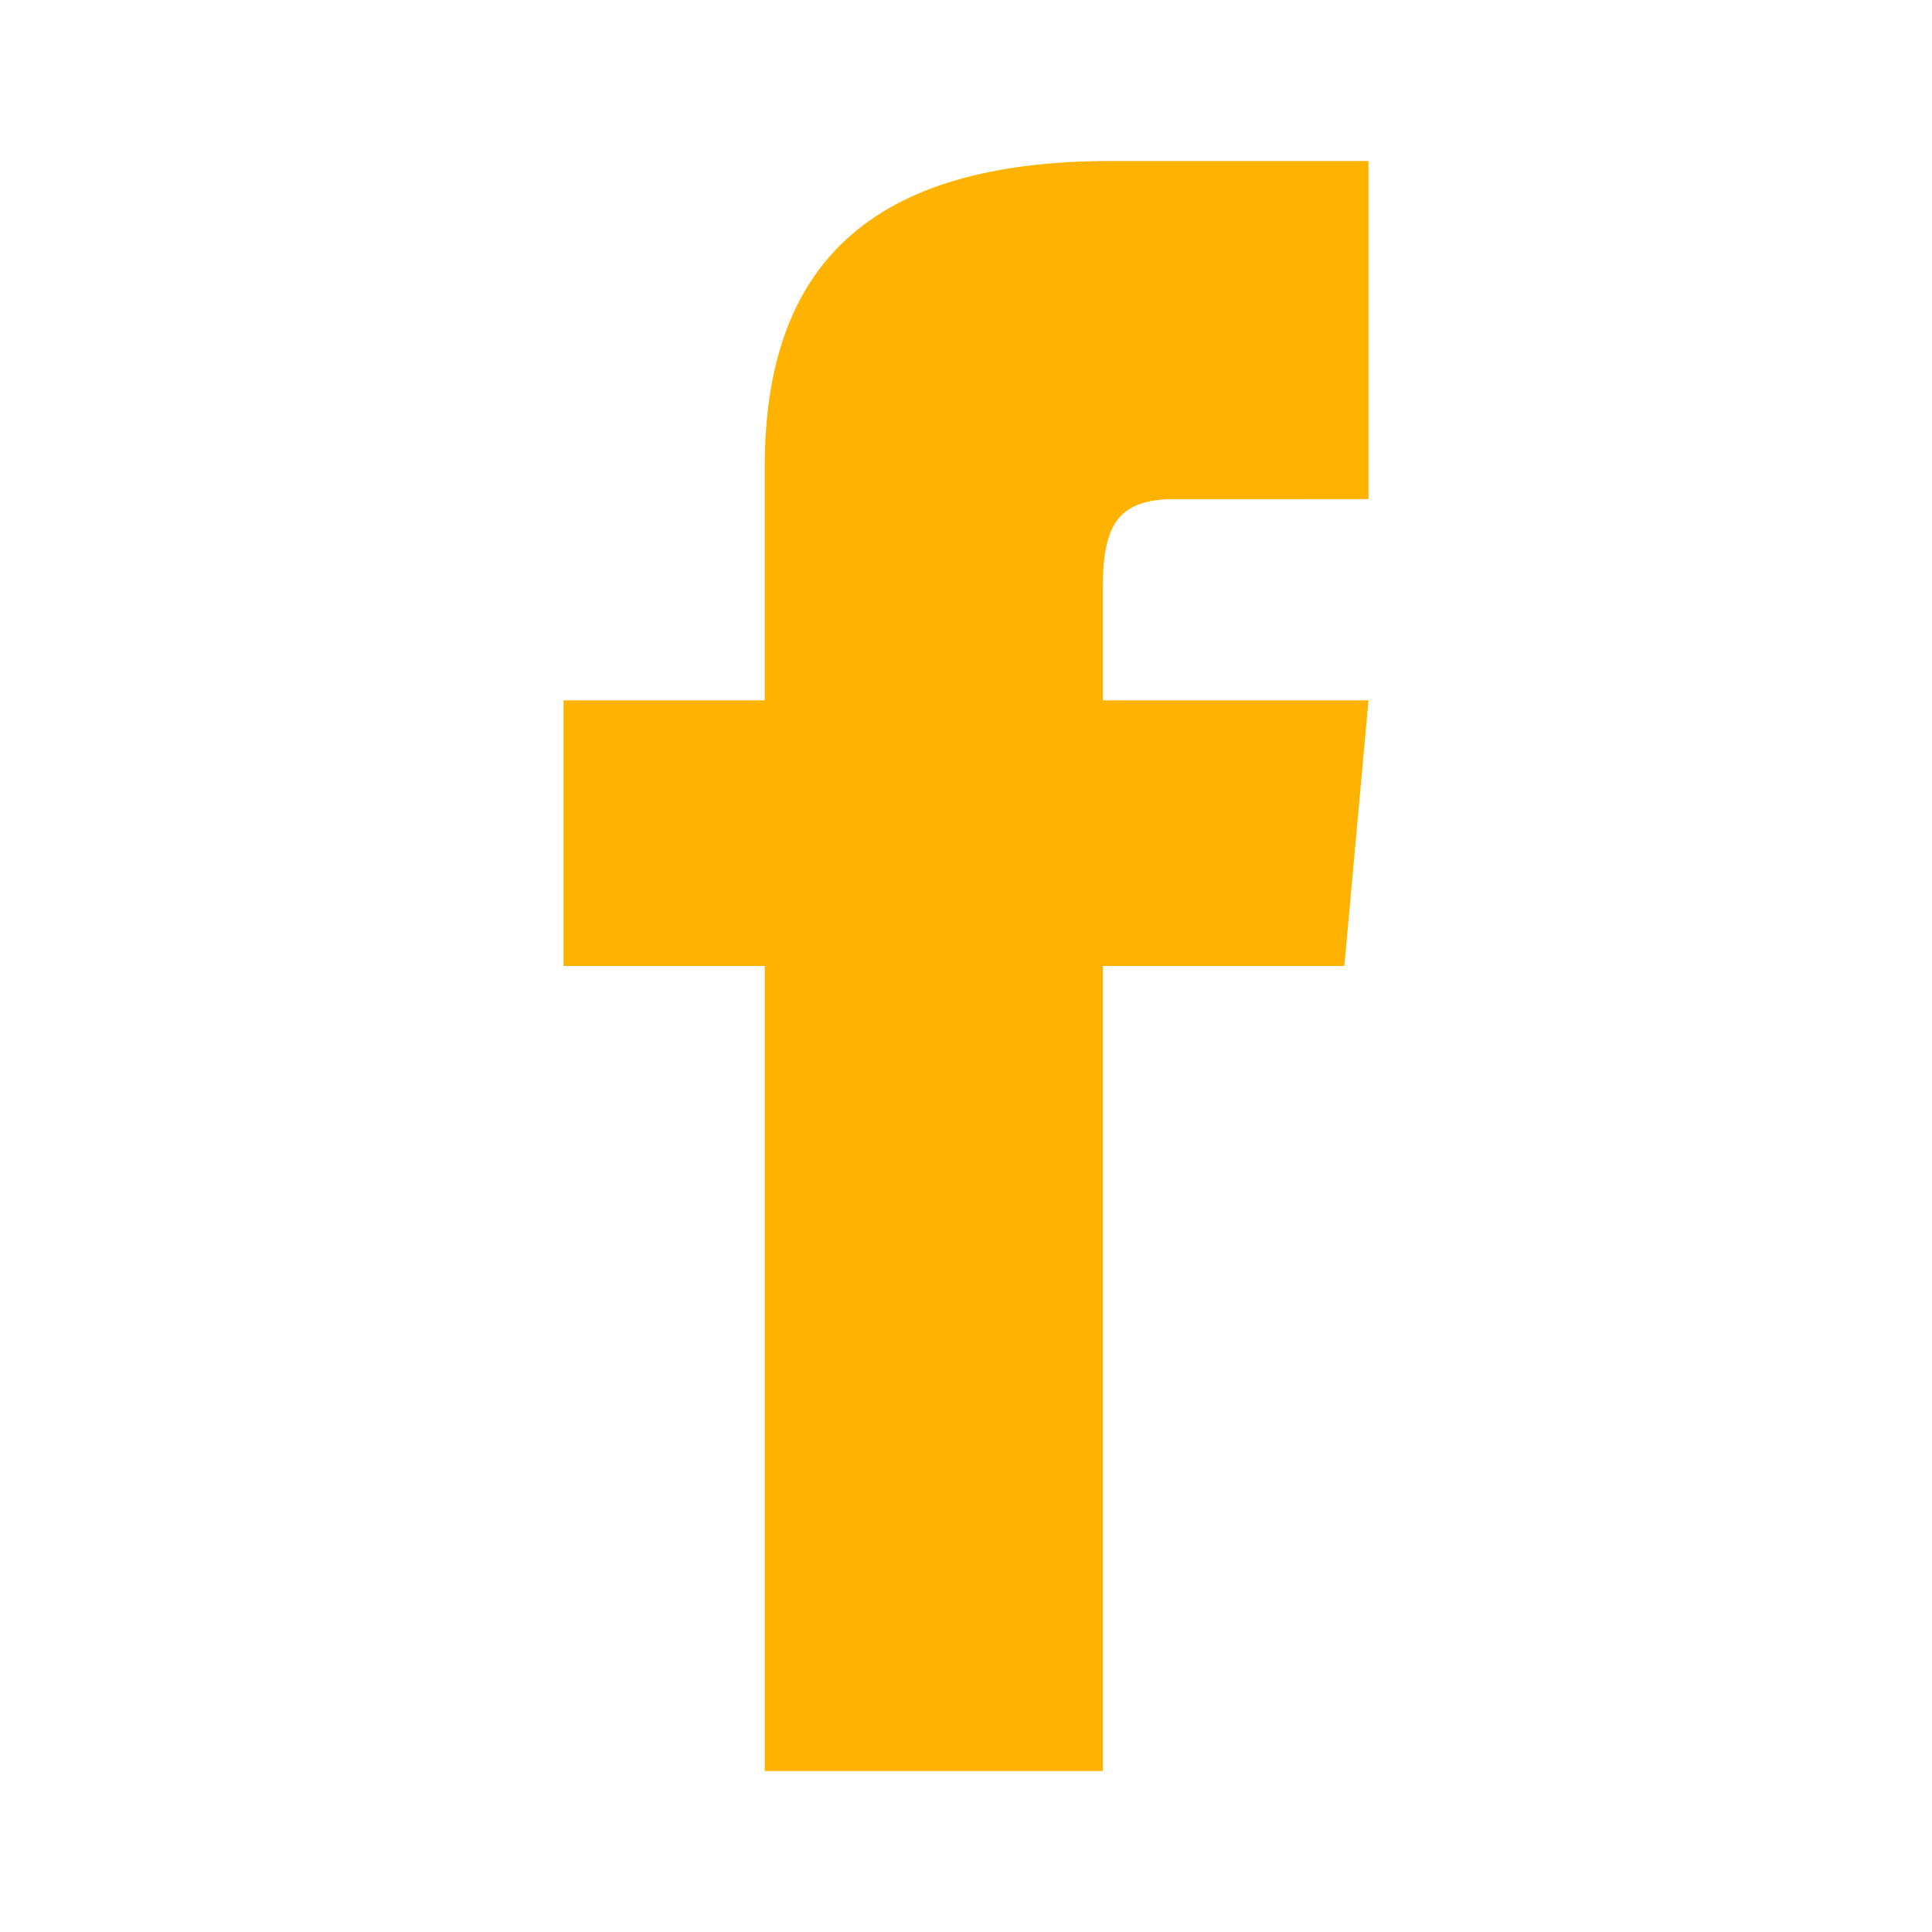 <?xml version="1.0" encoding="utf-8"?>
<!-- Generator: Adobe Illustrator 27.5.0, SVG Export Plug-In . SVG Version: 6.00 Build 0)  -->
<svg version="1.1" id="Layer_1" xmlns="http://www.w3.org/2000/svg" xmlns:xlink="http://www.w3.org/1999/xlink" x="0px" y="0px"
	 viewBox="0 0 24 24" style="enable-background:new 0 0 24 24;" xml:space="preserve">
<style type="text/css">
	.st0{fill:#FFB200;}
</style>
<path class="st0" d="M9.5,8.7H7V12h2.5v10h4.2V12h3L17,8.7h-3.3V7.3c0-0.8,0.2-1.1,0.9-1.1H17V2h-3.2c-3,0-4.3,1.3-4.3,3.8V8.7z"/>
</svg>

Work required: Among the records above, find each line containing the string "style" and copy it.

Task response:
	 viewBox="0 0 24 24" style="enable-background:new 0 0 24 24;" xml:space="preserve">
<style type="text/css">
</style>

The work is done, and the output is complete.